Osmosis is the spontaneous movement of solvent molecules through a semipermeable membrane, in an attempt to equalize the solute concentrations on either side of the membrane. 

A solute gradient is created as unequal levels of solute exist on either side of a membrane. As the solute concentration increases on one side of the membrane, the solute begins to take up "free" water. Free water exists when the solvent is water, and there are open H2O molecules that do not have a solute bonded to them. As the solute levels go up, the solute will begin to bind to the free water, making those molecules no longer free. If you reach a point where there is no remaining free water, the solution is considered saturated. The less free water there is, the less stable the solution is. It is more organized, but less stable. Due to the second law of thermodynamics, we know that the universe tends to move to a less organized but more stable state.

 

Osmosis is the process by which water will move through a membrane to try to equalize the free water and solute levels on both sides to a membrane. This creates a state where both sides can equally share a level of disorganization, and hence become more stable. This is why osmosis is spontaneous. An isotonic solution is one in which the solute equilibrium is even. A hypertonic solution is one in which there is a greater concentration of solute on the outer side of the membrane. For example, a cell is in a hypertonic solution is the amount of solvent is higher outside of the cell compared to the inside. The water levels will adjust to this by having water rush out of the cell, to create equal proportions of free water. The other type of solution is hypotonic, the opposite of hypertonic. In a hypotonic solution, the solute concentration is lower on the outer side. Take the previous example, but imagine a higher concentration of solute inside the cell. To fight this, water would rush into the cell instead of out. 

 

Using the above picture as an example, we see that the initial state has unequal levels of solute concentration. There proportion of solute to free water is higher on the left side than the right. To combat this, the water will rush to that side of the semipermeable membrane, therefore regulating the proportion of the solute to free water. It is an awesome process because it almost seems to defy gravity, and will happen spontaneously!

 

 

 

Your goal is to design an experiment to demonstrate how concentration gradients effect the rate of water movement across a membrane and if this rate is impacted by the depth of the gradient.  We will recreate a selective membrane using dialysis tubing.  This 15mm dialysis tubing has small pores that allows only for the passage of water and not solutes.  Dialysis clips are utilized to close off each end of the tube and prevent the loss of solution.

 

 
Preparing dialysis tubing.  This video demonstrates how to fill the dialysis tubing with solution. After the tubing is filled, we have created an artifical cell that contains a solution of cytoplasm. Click on this link if your video won't load.

 

 

Materials

15 mm dialysis tubing (anywhere from 3-6 tubes are available) that hold 10mL of sucrose solution

30% stock solution of sucrose

 

400 mL beakers containing DI-water

dialysis clips

graduated cyliners

balance to measure weight

 

Hints:

  1. View the video above about filling the dilaysis tubing.
  2. What question are your trying to answer with your experimental design?
  3. You will be responsible for any dilutions of your 30% stock.  Think about how many different concentrations you want to test.  What is the final volume of your dilutions?
  4. In what units will you measure the rate of water movement? 
  5. What is the density of water?
  6. How long will you allow for the experiment to take place? 

Experimental Design: 

 

1. Place a dialysis tube and two dialysis clips onto the balance. Record their mass.
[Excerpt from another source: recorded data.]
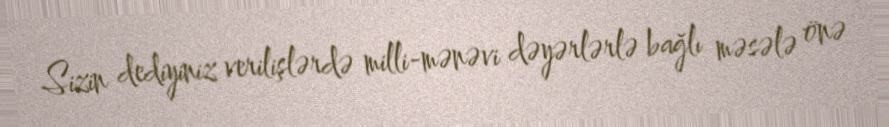
Sizin dediyiniz verilişlərdə milli-mənəvi dəyərlərlə bağlı məsələ önə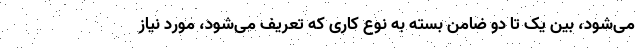
می‌شود، بین یک تا دو ضامن بسته به نوع کاری که تعریف می‌شود، مورد نیاز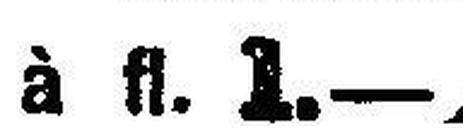
à fl. 1. —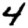
Digit: 4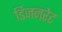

2. Then take a dialysis tube and roll one end of the tube tightly for about an inch and then clip the dialysis clip onto the rolled up end. Repeat this process three more times.

3. Measure out 10 mL of DI Water in a graduated cylinder.

4. Take a dialysis tube that is closed by a dialysis clip at one end and insert the funnel into the open end, rolling the sides of the dialysis tube as you go. Then slowly pour the solution into the funnel.

5. After the dialysis tube has been filled, remove the funnel from it. Then push out any air from the bag and roll up the open end. Once end is closed, secure it with a dialysis clip.  This tube will be known as Tube A.

6. Measure out 10 mL of 30% stock solution of sucrose in a graduated cylinder.

7. Steps 4 and 5 will be repeated for this solution. Except this tube will be known as Tube B Instead of Tube A.

8. Measure out 5 mL of the 30% stock solution of sucrose in a graduated cylinder

9. Measure out 5 mL of DI Water in a graduated cylinder, and then gently mix the 5 mL of the 30% stock solution of sucrose into it

10. Steps 4 and 5 will be repeated for this solution. Except this tube will be known as Tube C instead of Tube A.

11. Measure out 2 mL of the 30% stock solution of sucrose in a graduate cylinder

12. Measure out 8 mL of DI water in a graduated cylinder, and then gently mix the 2 mL of the 30% stock solution of sucrose into it

13. Steps 4 and 5 will be repeated for this solution. Except this tube will be known as Tube D instead of Tube A.

14. Place each dialysis tube onto the balance. Record their respective masses.

15. Calculate the mass of each solution by subtracting the mass of dialysis tube and two dialysis clips from the mass of each dialysis tube filled with solution.

16. Then place each filled dialysis tube inside a separate beaker with 400 mL of DI Water for 15-20 minutes.

17. After 15-20 minutes have passed, take out each tube and weigh them, separately, again

18. Repeat step 15

19. Calculate the density of the solution in Tube A after it has been taken out of the beaker. (Density= mass/volume) 


Results:

 

 


E.  Movement of Solutes Across a Selectively Permeable Membrane:

Introduce the concept of diffusion of solutes.  In your discussion, include the roles of concentration gradients, the spontaneous nature of diffusion due to the second law of thermodynamics, and equilibrium.  Include a useful image for the process.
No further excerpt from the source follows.